Robin Ferner, Jeffrey Aronson

    Research output: Contribution to journalArticlepeer-review

    9 Citations (Scopus)
    251 Downloads (Pure)

    Abstract

    The pharmacological effects of a drug depend on its concentration at the site of action, and therefore on the concentration in blood and on the dose. The relationship between the concentration or dose and the corresponding effect can usually be represented mathematically as a rectangular hyperbola; when effect is plotted against log concentration or log dose, the curve is sigmoidal.

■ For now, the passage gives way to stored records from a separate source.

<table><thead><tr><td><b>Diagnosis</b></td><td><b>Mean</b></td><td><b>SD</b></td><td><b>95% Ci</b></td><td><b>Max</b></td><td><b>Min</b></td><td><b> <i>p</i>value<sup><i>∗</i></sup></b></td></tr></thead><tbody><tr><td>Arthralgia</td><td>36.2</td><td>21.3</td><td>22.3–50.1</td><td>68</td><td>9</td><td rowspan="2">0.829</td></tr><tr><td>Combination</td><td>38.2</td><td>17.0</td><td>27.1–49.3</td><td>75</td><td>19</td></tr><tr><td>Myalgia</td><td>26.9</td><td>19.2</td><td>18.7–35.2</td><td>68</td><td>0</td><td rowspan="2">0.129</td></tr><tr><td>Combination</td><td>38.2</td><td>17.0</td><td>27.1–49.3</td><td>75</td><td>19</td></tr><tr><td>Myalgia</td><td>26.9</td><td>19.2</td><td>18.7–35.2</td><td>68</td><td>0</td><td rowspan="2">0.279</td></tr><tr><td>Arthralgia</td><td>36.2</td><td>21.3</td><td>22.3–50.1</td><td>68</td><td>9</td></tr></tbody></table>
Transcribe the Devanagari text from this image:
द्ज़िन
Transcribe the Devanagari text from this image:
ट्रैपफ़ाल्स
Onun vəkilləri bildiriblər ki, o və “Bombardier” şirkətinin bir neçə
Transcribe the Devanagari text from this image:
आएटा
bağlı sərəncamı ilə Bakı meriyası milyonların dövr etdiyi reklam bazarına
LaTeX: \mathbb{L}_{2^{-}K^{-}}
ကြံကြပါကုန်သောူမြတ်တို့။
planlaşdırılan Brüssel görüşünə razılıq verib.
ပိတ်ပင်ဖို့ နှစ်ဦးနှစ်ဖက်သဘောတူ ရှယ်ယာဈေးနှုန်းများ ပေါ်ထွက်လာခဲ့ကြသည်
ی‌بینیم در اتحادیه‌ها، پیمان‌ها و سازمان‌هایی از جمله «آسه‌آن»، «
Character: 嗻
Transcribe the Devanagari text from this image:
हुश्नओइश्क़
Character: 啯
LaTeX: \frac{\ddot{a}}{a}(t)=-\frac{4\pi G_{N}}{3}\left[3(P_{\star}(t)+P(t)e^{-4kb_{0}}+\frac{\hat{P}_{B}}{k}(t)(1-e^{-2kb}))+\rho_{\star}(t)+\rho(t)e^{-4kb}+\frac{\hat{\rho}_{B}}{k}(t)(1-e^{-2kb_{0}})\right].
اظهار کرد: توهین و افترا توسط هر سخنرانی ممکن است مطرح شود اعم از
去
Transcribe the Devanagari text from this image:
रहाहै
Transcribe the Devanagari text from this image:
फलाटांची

    Inevitably, the effect size and the doses causing benefit and harm will differ among individuals, since they are biological phenomena: some individuals are more likely than others to suffer harm at any given dose. Some harmful effects can occur at much lower doses than those used in therapeutics; that is, the log dose–response curve for harm lies far to the left of the log dose–response curve for benefit. Those who suffer such reactions are hypersusceptible. When the dose–response curves for harm and therapeutic effect are in the same range, dose cannot separate the harmful effects from the therapeutic effects, and adverse reactions are collateral. Toxic effects occur when harmful doses are above the doses needed for benefit.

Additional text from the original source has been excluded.